The traditional Critical Focus Zone must be commended for laying the foundations for the analysis of the sensitivity of the effects of focus to small movements of a focuser draw tube.
What follows calls into question the original results of the Critical Focus Zone, but does not question the basic principle that focus is amenable to theoretical analysis for the practical benefit of astronomers, astroimagers, and astrophotographers. The following should be viewed as moving the theory of the traditional Critical Focus Zone to the next, more advanced stage of understanding, as has been done with the New Critical Focus Zone. It is a natural progression to build upon the foundations given to us by the traditional Critical Focus Zone, for which we should be grateful.
The basic foundation of the traditional Critical Focus Zone is that when at perfect focus, very small changes in focus do not degrade image quality in any significant way.
The traditional form of the Critical Focus Zone states that when the defocus of a point source of light is smaller than the first dark diffraction ring of the Airy disk, then that defocus will not be measureable in an image.
The traditional Critical Focus Zone is the range of travel on the focuser draw tube within which the defocus of a point source of light is smaller than the first dark diffraction ring of the Airy disk. The traditional Critical Focus Zone (denoted CFZ) is given by the formula:
CFZ = 4.88 · λ · f 2
CFZ
- Traditional Critical Focus Zone (micrometers)
λ
- wavelength of light (micrometers)
f
- effective imaging system f/ratio (unitless)
4.88
- constant (unitless)
Important Note:
For those readers interested in using the CFZ formula, CFZ has been
superseded by the
New Critical Focus Zone.
The derivation of the formula is fairly simple when it is considered in the following way:
CFZ = 2 · (2.44 · λ · f) · f
The diameter of the first dark diffraction ring of the Airy disk is 2.44·λ·f, which is the middle term above. The f/ratio f, the last term above, scales the physical linear size of the first dark diffraction ring on the CCD imaging surface to the travel distance of the focuser draw tube. The factor of 2, the first term above, doubles the travel distance because the defocus can be either in or out by that amount.

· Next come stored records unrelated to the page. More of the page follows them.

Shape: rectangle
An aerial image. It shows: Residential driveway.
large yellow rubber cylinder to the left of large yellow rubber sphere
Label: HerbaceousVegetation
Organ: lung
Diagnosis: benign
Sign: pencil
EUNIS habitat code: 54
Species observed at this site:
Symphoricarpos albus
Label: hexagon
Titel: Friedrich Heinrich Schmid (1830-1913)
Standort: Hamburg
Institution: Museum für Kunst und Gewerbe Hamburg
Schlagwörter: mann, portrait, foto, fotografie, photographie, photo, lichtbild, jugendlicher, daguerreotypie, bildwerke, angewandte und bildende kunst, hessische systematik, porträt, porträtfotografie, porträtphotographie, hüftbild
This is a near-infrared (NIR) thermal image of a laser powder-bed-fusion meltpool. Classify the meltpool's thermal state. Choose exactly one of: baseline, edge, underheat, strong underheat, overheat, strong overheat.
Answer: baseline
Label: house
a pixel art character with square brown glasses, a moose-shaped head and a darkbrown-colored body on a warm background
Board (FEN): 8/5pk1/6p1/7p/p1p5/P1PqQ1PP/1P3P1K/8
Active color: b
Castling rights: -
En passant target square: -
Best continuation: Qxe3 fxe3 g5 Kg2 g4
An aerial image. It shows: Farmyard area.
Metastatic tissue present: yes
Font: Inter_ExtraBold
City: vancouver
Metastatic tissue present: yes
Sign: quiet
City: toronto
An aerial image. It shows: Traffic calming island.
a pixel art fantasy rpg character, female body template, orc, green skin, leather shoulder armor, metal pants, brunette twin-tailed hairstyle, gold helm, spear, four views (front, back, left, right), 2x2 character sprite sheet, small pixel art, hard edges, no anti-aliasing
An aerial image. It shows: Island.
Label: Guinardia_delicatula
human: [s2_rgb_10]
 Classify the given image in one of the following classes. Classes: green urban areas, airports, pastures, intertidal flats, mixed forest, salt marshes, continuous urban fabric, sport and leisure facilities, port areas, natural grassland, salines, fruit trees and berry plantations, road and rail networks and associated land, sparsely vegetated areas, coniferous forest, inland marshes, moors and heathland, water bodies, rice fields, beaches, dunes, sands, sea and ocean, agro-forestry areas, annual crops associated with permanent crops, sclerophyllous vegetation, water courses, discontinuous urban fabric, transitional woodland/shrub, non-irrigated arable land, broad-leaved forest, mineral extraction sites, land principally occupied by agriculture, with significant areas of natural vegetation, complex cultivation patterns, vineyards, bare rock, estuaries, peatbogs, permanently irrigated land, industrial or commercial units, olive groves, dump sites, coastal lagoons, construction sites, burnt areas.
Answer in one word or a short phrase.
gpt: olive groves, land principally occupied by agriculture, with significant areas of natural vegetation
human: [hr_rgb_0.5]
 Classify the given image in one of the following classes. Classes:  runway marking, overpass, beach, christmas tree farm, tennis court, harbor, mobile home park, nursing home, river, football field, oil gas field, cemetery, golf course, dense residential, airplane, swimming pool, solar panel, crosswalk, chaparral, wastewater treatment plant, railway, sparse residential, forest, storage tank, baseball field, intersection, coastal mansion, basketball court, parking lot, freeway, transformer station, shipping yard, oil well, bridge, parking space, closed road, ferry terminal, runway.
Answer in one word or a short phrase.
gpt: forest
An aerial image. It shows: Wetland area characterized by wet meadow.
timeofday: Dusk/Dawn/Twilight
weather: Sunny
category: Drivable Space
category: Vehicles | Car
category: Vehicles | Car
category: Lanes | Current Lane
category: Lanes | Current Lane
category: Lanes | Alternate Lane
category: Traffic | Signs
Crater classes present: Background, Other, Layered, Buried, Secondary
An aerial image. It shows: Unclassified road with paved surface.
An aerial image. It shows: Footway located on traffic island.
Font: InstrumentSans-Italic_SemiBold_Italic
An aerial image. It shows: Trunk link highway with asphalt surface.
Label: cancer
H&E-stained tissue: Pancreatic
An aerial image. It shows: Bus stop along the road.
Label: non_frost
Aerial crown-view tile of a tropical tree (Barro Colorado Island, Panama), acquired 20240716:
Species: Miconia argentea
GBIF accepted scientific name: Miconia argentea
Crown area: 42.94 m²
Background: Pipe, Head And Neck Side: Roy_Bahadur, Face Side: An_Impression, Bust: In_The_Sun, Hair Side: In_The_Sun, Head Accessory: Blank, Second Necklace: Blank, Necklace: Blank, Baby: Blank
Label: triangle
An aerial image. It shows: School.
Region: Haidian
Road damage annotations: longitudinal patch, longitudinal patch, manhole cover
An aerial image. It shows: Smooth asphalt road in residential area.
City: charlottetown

The first fallacy of the traditional Critical Focus Zone is the premise that a defocused image the size of the first dark diffraction ring of the Airy disk cannot be measured.
By the definition of the telescope diffraction limit and Critical Sampling (see the image at the right), both of which are very well established and widely accepted, any image detail greater than the FWHM of the Airy disk is measurable.
The FWHM of the Airy disk is 1.02·λ·f whereas the diameter of the first dark diffraction ring is 2.44·λ·f. The diameter of the first dark diffraction ring of the Airy disk is over twice as large (by a factor of 2.44 / 1.02) as the FWHM of the Airy disk and therefore anything defocused to that size must be measurable. The premise that it is not measurable is a direct contradiction to the definitions of the diffraction limit of a telescope and Critical Sampling.
In all likelihood, the use of the 2.44 factor in the traditional Critical Focus Zone formula was an accidental error in the beginning which has now been perpetuated by unquestioning repetition.
The second fallacy of the traditional Critical Focus Zone is that a point source of light is being defocused.
In any imaging system with a circular aperture, any defocus applies to the Airy disk and not to a point source of light.
The defocus of an Airy disk always produces an image larger and more spread than the Airy disk itself.
Defocus by the amount described by the traditional Critical Focus Zone will produce an image of the Airy disk with a FWHM over 2.2 times greater that the original Airy disk, as shown in the image to the right.
The defocused Airy disk image is therefore greater than the minimum required for measurement by the diffraction limit of the telescope and Critical Sampling by a factor of over 2.2 times and, in reality, is very severely out of focus.
Either of these two fallacies is sufficient to invalidate the formula for the traditional CFZ.
The first fallacy of the traditional Critical Focus Zone is a clerical error which could be easily remedied. However, the second fallacy of the traditional Critical Focus Zone is considerably more complex to remedy.
The difference between defocusing a point source of light, as assumed by the traditional Critical Focus Zone, and defocusing an Airy disk, as required by the actual circumstances, is a very significant difference. Fortunately, the analysis of a defocused Airy disk is one special case of the Extended Nijboer-Zernike theory - literally what the theory was designed to do.
Furthermore, although the analysis of diffraction limited cases is always the starting point of any analysis of imaging systems, the inclusion of astronomical seeing in the analysis would have practical benefit to astronomers and astroimagers. The traditional Critical Focus Zone does not address astronomical seeing in any way. The inclusion of astronomical seeing with the required defocus of an Airy disk goes a step beyond even the Extended Nijboer-Zernike theory in its complexity.
GoldAstro has undertaken research into a replacement for the traditional Critical Focus Zone. The results of that research are the New Critical Focus Zone.